Tu te tiens debout sur la montagne et la nuit éclaire jusqu’à ta paupière. Elle te fait voir le no man’s land qui s’étend en contrebas, la clairière prête à être ravagée par les chiens du combat. Tu les sens, ces deux armées qui ne se connaissent pas mais qui bientôt vont se fondre dans une mélasse assassine, hachant les cous jusqu’à la lune, buvant leur sang jusqu’à l’aurore. Alors le temps est aérien et les riffs tondent le gazon avant l’heure, le double d’une pédale déclenche un ciel ombragé et les voix claires se mélangent et s’évaporent ensemble. Devant toi, le tableau s’anime et s’abîme dans son propre nuage de poussière et tu t’en vas, décidant de toi-même que les victoires ne valent pas leurs combats.
Et dans le regard de la tempête, l’envolée lyrique. L’idée d’apposer la symphonie sur la partition écorchée avec la poudre du canon comme encre indélébile. "Im Auge des Sturms", le ciel s’ouvre et la boue sèche sur tes mollets. Aujourd’hui tu es sourd et tu n’entends que ta propre écoute, n’était-ce pas ce que tu voulais ? Cette rythmique galopée qui, d’un seul coup, éclate littéralement en tornade de couleurs fraîches. L’étalon finit Pégase et les plumes qui te poussent sortent des voix des forgerons et non plus de leurs mains. Ce refrain qu’ils clament laisse résonner la vallée : « Fais de toi un homme libre ! » Ainsi ta surdité compose et met en musique jusqu’à la couleur du vent, plus rien désormais ne pourra briser ta stature.
Il est ici l’histoire de cette lutte qui ne peut s’interrompre que dans le silence. Celle de l’homme contre l’être. Celle de l’homme qui ne comprend pas ce que marcher veut dire si rouler existe, et celle de l’être qui ne comprend pas ce que rouler signifie puisqu’il marche déjà. Et puis, il y a la mélodie du monde, cet air que tout le monde respire sans trop savoir comment. Et quand on pense en avoir fait le tour, une flûte apparaît et la mélodie change de visage. Te voilà prêt à jouer de ton être, histoire de croire à une autre respiration. La douleur des accords froids qui se répètent et percutent ta peau, tenue par une basse lourde et linéaire, le martèlement d’une batterie et ces voix, poussant de leur gravité ton cœur hors de ta poitrine chaude, forment ton dialogue interne. Et tout ces airs ininterrompus te parlent jusqu’à l’érosion de ton corps, puis jusqu’à la rencontre du silence.

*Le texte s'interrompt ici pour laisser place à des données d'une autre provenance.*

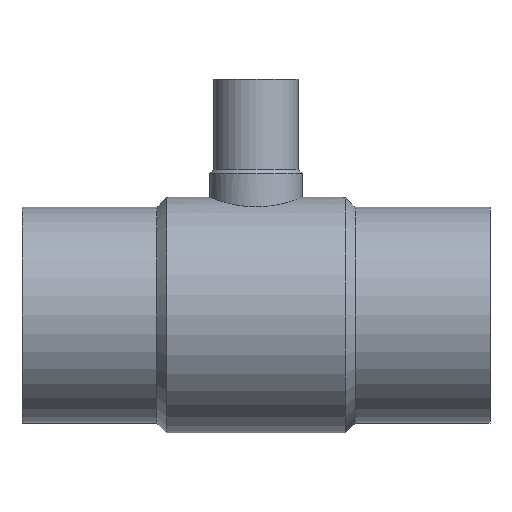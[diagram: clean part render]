
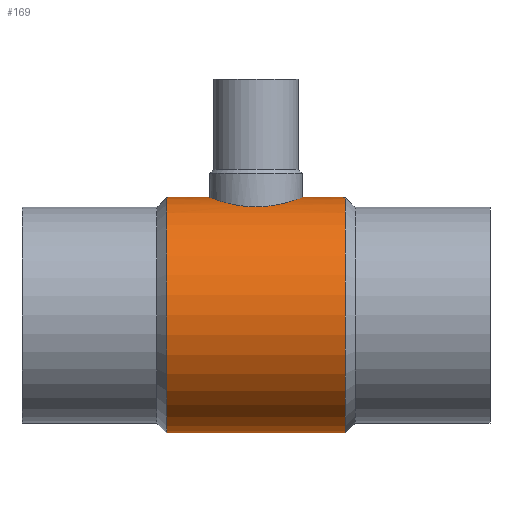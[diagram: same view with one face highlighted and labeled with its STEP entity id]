
A CAD part, top view. The second image highlights one B-rep face of the part: STEP entity #169.
In plain terms, the highlighted cylindrical face has radius 87.3 mm (diameter 174.6 mm), a partial arc.
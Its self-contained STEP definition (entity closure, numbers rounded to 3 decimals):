
#131 = EDGE_CURVE( '', #189, #305, #357, .T. );
#141 = EDGE_CURVE( '', #303, #305, #367, .T. );
#169 = ADVANCED_FACE( '', ( #397 ), #398, .T. );
#175 = VERTEX_POINT( '', #404 );
#183 = VERTEX_POINT( '', #412 );
#189 = VERTEX_POINT( '', #418 );
#213 = VERTEX_POINT( '', #447 );
#219 = EDGE_CURVE( '', #303, #213, #454, .T. );
#235 = EDGE_CURVE( '', #183, #175, #471, .T. );
#237 = EDGE_CURVE( '', #175, #189, #473, .T. );
#295 = EDGE_CURVE( '', #213, #183, #543, .T. );
#303 = VERTEX_POINT( '', #551 );
#305 = VERTEX_POINT( '', #553 );
#357 = LINE( '', #601, #602 );
#367 = CIRCLE( '', #617, 87.3 );
#397 = FACE_OUTER_BOUND( '', #691, .T. );
#398 = CYLINDRICAL_SURFACE( '', #692, 87.3 );
#404 = CARTESIAN_POINT( '', ( -139.1, 87.3, 0. ) );
#412 = CARTESIAN_POINT( '', ( -107.3, 87.3, 0. ) );
#418 = CARTESIAN_POINT( '', ( -207.9, 87.3, 0. ) );
#447 = CARTESIAN_POINT( '', ( -107.3, -87.3, 0. ) );
#454 = LINE( '', #856, #857 );
#471 = LINE( '', #878, #879 );
#473 = B_SPLINE_CURVE_WITH_KNOTS( '', 3, ( #882, #883, #884, #885, #886, #887, #888, #889, #890, #891, #892, #893, #894, #895, #896, #897, #898, #899, #900, #901, #902, #903, #904, #905, #906, #907, #908, #909, #910, #911, #912, #913, #914, #915, #916, #917, #918, #919, #920, #921, #922, #923, #924, #925, #926, #927, #928, #929, #930, #931, #932, #933, #934, #935, #936, #937, #938, #939, #940, #941, #942, #943, #944, #945, #946, #947 ), .UNSPECIFIED., .F., .F., ( 4, 2, 2, 2, 2, 2, 2, 2, 2, 2, 2, 2, 2, 2, 2, 2, 2, 2, 2, 2, 2, 2, 2, 2, 2, 2, 2, 2, 2, 2, 2, 2, 4 ), ( 52.455, 55.732, 59.009, 62.286, 65.563, 68.84, 72.116, 75.393, 78.67, 81.95, 85.23, 88.51, 91.79, 95.07, 98.35, 101.63, 104.91, 108.19, 111.47, 114.75, 118.03, 121.31, 124.59, 127.87, 131.15, 134.427, 137.704, 140.981, 144.258, 147.535, 150.812, 154.088, 157.365 ), .UNSPECIFIED. );
#543 = CIRCLE( '', #1070, 87.3 );
#551 = CARTESIAN_POINT( '', ( -239.7, -87.3, 0. ) );
#553 = CARTESIAN_POINT( '', ( -239.7, 87.3, 0. ) );
#601 = CARTESIAN_POINT( '', ( -173.5, 87.3, 0. ) );
#602 = VECTOR( '', #1168, 1. );
#617 = AXIS2_PLACEMENT_3D( '', #1176, #1177, #1178 );
#691 = EDGE_LOOP( '', ( #1211, #1212, #1213, #1214, #1215, #1216 ) );
#692 = AXIS2_PLACEMENT_3D( '', #1217, #1218, #1219 );
#856 = CARTESIAN_POINT( '', ( -173.5, -87.3, 0. ) );
#857 = VECTOR( '', #1274, 1. );
#878 = CARTESIAN_POINT( '', ( -173.5, 87.3, 0. ) );
#879 = VECTOR( '', #1291, 1. );
#882 = CARTESIAN_POINT( '', ( -139.1, 87.3, 0. ) );
#883 = CARTESIAN_POINT( '', ( -139.1, 87.3, 1.092 ) );
#884 = CARTESIAN_POINT( '', ( -139.152, 87.279, 2.201 ) );
#885 = CARTESIAN_POINT( '', ( -139.368, 87.195, 4.432 ) );
#886 = CARTESIAN_POINT( '', ( -139.532, 87.13, 5.553 ) );
#887 = CARTESIAN_POINT( '', ( -139.973, 86.959, 7.785 ) );
#888 = CARTESIAN_POINT( '', ( -140.251, 86.853, 8.896 ) );
#889 = CARTESIAN_POINT( '', ( -140.916, 86.6, 11.09 ) );
#890 = CARTESIAN_POINT( '', ( -141.305, 86.454, 12.172 ) );
#891 = CARTESIAN_POINT( '', ( -142.186, 86.13, 14.287 ) );
#892 = CARTESIAN_POINT( '', ( -142.68, 85.951, 15.322 ) );
#893 = CARTESIAN_POINT( '', ( -143.762, 85.569, 17.329 ) );
#894 = CARTESIAN_POINT( '', ( -144.35, 85.366, 18.301 ) );
#895 = CARTESIAN_POINT( '', ( -145.609, 84.944, 20.167 ) );
#896 = CARTESIAN_POINT( '', ( -146.279, 84.726, 21.062 ) );
#897 = CARTESIAN_POINT( '', ( -147.684, 84.285, 22.762 ) );
#898 = CARTESIAN_POINT( '', ( -148.419, 84.062, 23.568 ) );
#899 = CARTESIAN_POINT( '', ( -149.933, 83.623, 25.082 ) );
#900 = CARTESIAN_POINT( '', ( -150.739, 83.399, 25.817 ) );
#901 = CARTESIAN_POINT( '', ( -152.44, 82.95, 27.222 ) );
#902 = CARTESIAN_POINT( '', ( -153.335, 82.727, 27.892 ) );
#903 = CARTESIAN_POINT( '', ( -155.201, 82.292, 29.151 ) );
#904 = CARTESIAN_POINT( '', ( -156.173, 82.08, 29.739 ) );
#905 = CARTESIAN_POINT( '', ( -158.178, 81.681, 30.821 ) );
#906 = CARTESIAN_POINT( '', ( -159.213, 81.492, 31.314 ) );
#907 = CARTESIAN_POINT( '', ( -161.327, 81.148, 32.195 ) );
#908 = CARTESIAN_POINT( '', ( -162.409, 80.992, 32.583 ) );
#909 = CARTESIAN_POINT( '', ( -164.601, 80.721, 33.249 ) );
#910 = CARTESIAN_POINT( '', ( -165.713, 80.606, 33.526 ) );
#911 = CARTESIAN_POINT( '', ( -167.945, 80.421, 33.968 ) );
#912 = CARTESIAN_POINT( '', ( -169.066, 80.351, 34.131 ) );
#913 = CARTESIAN_POINT( '', ( -171.297, 80.259, 34.348 ) );
#914 = CARTESIAN_POINT( '', ( -172.407, 80.237, 34.4 ) );
#915 = CARTESIAN_POINT( '', ( -174.593, 80.237, 34.4 ) );
#916 = CARTESIAN_POINT( '', ( -175.703, 80.259, 34.348 ) );
#917 = CARTESIAN_POINT( '', ( -177.934, 80.351, 34.131 ) );
#918 = CARTESIAN_POINT( '', ( -179.055, 80.421, 33.968 ) );
#919 = CARTESIAN_POINT( '', ( -181.287, 80.606, 33.526 ) );
#920 = CARTESIAN_POINT( '', ( -182.399, 80.721, 33.249 ) );
#921 = CARTESIAN_POINT( '', ( -184.591, 80.992, 32.583 ) );
#922 = CARTESIAN_POINT( '', ( -185.673, 81.148, 32.195 ) );
#923 = CARTESIAN_POINT( '', ( -187.787, 81.492, 31.314 ) );
#924 = CARTESIAN_POINT( '', ( -188.822, 81.681, 30.821 ) );
#925 = CARTESIAN_POINT( '', ( -190.827, 82.08, 29.739 ) );
#926 = CARTESIAN_POINT( '', ( -191.799, 82.292, 29.151 ) );
#927 = CARTESIAN_POINT( '', ( -193.665, 82.727, 27.892 ) );
#928 = CARTESIAN_POINT( '', ( -194.56, 82.95, 27.222 ) );
#929 = CARTESIAN_POINT( '', ( -196.261, 83.399, 25.817 ) );
#930 = CARTESIAN_POINT( '', ( -197.067, 83.623, 25.082 ) );
#931 = CARTESIAN_POINT( '', ( -198.581, 84.062, 23.568 ) );
#932 = CARTESIAN_POINT( '', ( -199.316, 84.285, 22.762 ) );
#933 = CARTESIAN_POINT( '', ( -200.721, 84.726, 21.062 ) );
#934 = CARTESIAN_POINT( '', ( -201.391, 84.944, 20.167 ) );
#935 = CARTESIAN_POINT( '', ( -202.65, 85.366, 18.301 ) );
#936 = CARTESIAN_POINT( '', ( -203.238, 85.569, 17.329 ) );
#937 = CARTESIAN_POINT( '', ( -204.32, 85.951, 15.322 ) );
#938 = CARTESIAN_POINT( '', ( -204.814, 86.13, 14.287 ) );
#939 = CARTESIAN_POINT( '', ( -205.695, 86.454, 12.172 ) );
#940 = CARTESIAN_POINT( '', ( -206.084, 86.6, 11.09 ) );
#941 = CARTESIAN_POINT( '', ( -206.749, 86.853, 8.896 ) );
#942 = CARTESIAN_POINT( '', ( -207.027, 86.959, 7.785 ) );
#943 = CARTESIAN_POINT( '', ( -207.468, 87.13, 5.553 ) );
#944 = CARTESIAN_POINT( '', ( -207.632, 87.195, 4.432 ) );
#945 = CARTESIAN_POINT( '', ( -207.848, 87.279, 2.201 ) );
#946 = CARTESIAN_POINT( '', ( -207.9, 87.3, 1.092 ) );
#947 = CARTESIAN_POINT( '', ( -207.9, 87.3, 0. ) );
#1070 = AXIS2_PLACEMENT_3D( '', #1400, #1401, #1402 );
#1168 = DIRECTION( '', ( -1., 0., 0. ) );
#1176 = CARTESIAN_POINT( '', ( -239.7, 0., 0. ) );
#1177 = DIRECTION( '', ( -1., 0., 0. ) );
#1178 = DIRECTION( '', ( 0., 1., 0. ) );
#1211 = ORIENTED_EDGE( '', *, *, #235, .T. );
#1212 = ORIENTED_EDGE( '', *, *, #237, .T. );
#1213 = ORIENTED_EDGE( '', *, *, #131, .T. );
#1214 = ORIENTED_EDGE( '', *, *, #141, .F. );
#1215 = ORIENTED_EDGE( '', *, *, #219, .T. );
#1216 = ORIENTED_EDGE( '', *, *, #295, .T. );
#1217 = CARTESIAN_POINT( '', ( -173.5, 0., 0. ) );
#1218 = DIRECTION( '', ( 1., 0., 0. ) );
#1219 = DIRECTION( '', ( 0., 1., 0. ) );
#1274 = DIRECTION( '', ( 1., 0., 0. ) );
#1291 = DIRECTION( '', ( -1., 0., 0. ) );
#1400 = CARTESIAN_POINT( '', ( -107.3, 0., 0. ) );
#1401 = DIRECTION( '', ( -1., 0., 0. ) );
#1402 = DIRECTION( '', ( 0., 1., 0. ) );

Faut-il encore que le silence soit représenté ? Tu as marché, beaucoup... et pour voir quoi, pour regarder qui ? Arrivé là où les notes s’étirent et où les changements de tons marquent tes battements de cœur, il n’y a plus rien de grave. Et ton voyage se termine à partir de cet instant où il ne peut que continuer, comment veux-tu qu’il s’arrête... Alors que tout devient léger. "Reise Zum...". Tu marches vers... et c’est le mieux que tu puisses faire. "Finsterforst" installera ce qui te reste de rengaine et t’offrira une marche avant avec vue sur le passé alors que tu t’enfonceras dans la forêt sombre qui perd tout les chemins croisés. Tout s’y mélangera, l’acoustique d’une guitare se joignant aux tremblements des cuivres, l’électrique d’une autre assaisonnant la basse continue, accordéon au sec éclaboussé par les coups de batterie percutants et quelques chœurs s’amourachant la voix d’Oliver Berlin.
Bordel, comme le temps passe... C’est déjà la lune ? Salauds, vous m’avez niqué mon crépuscule, mon ciel qui s'interrompt ! Tout ce temps à parler de vous, à rendre les témoignages pour votre saloperie d’album dont je me permets de faire l’éloge en plus d’une analyse morale et théorique. Vous êtes des crétins, et puis vous avez l’air ridicules avec votre maquillage dans la boue; vous n’irez pas loin, crevures, on vous trouvera, on vous fera cracher les tripes et puis on se gorgera de votre sang. Bon, sans déconner, me niquez jamais mon crépuscule..... Ah, tiens... c’est l’aurore... vous me repassez votre CD ? Que je fasse l’amour...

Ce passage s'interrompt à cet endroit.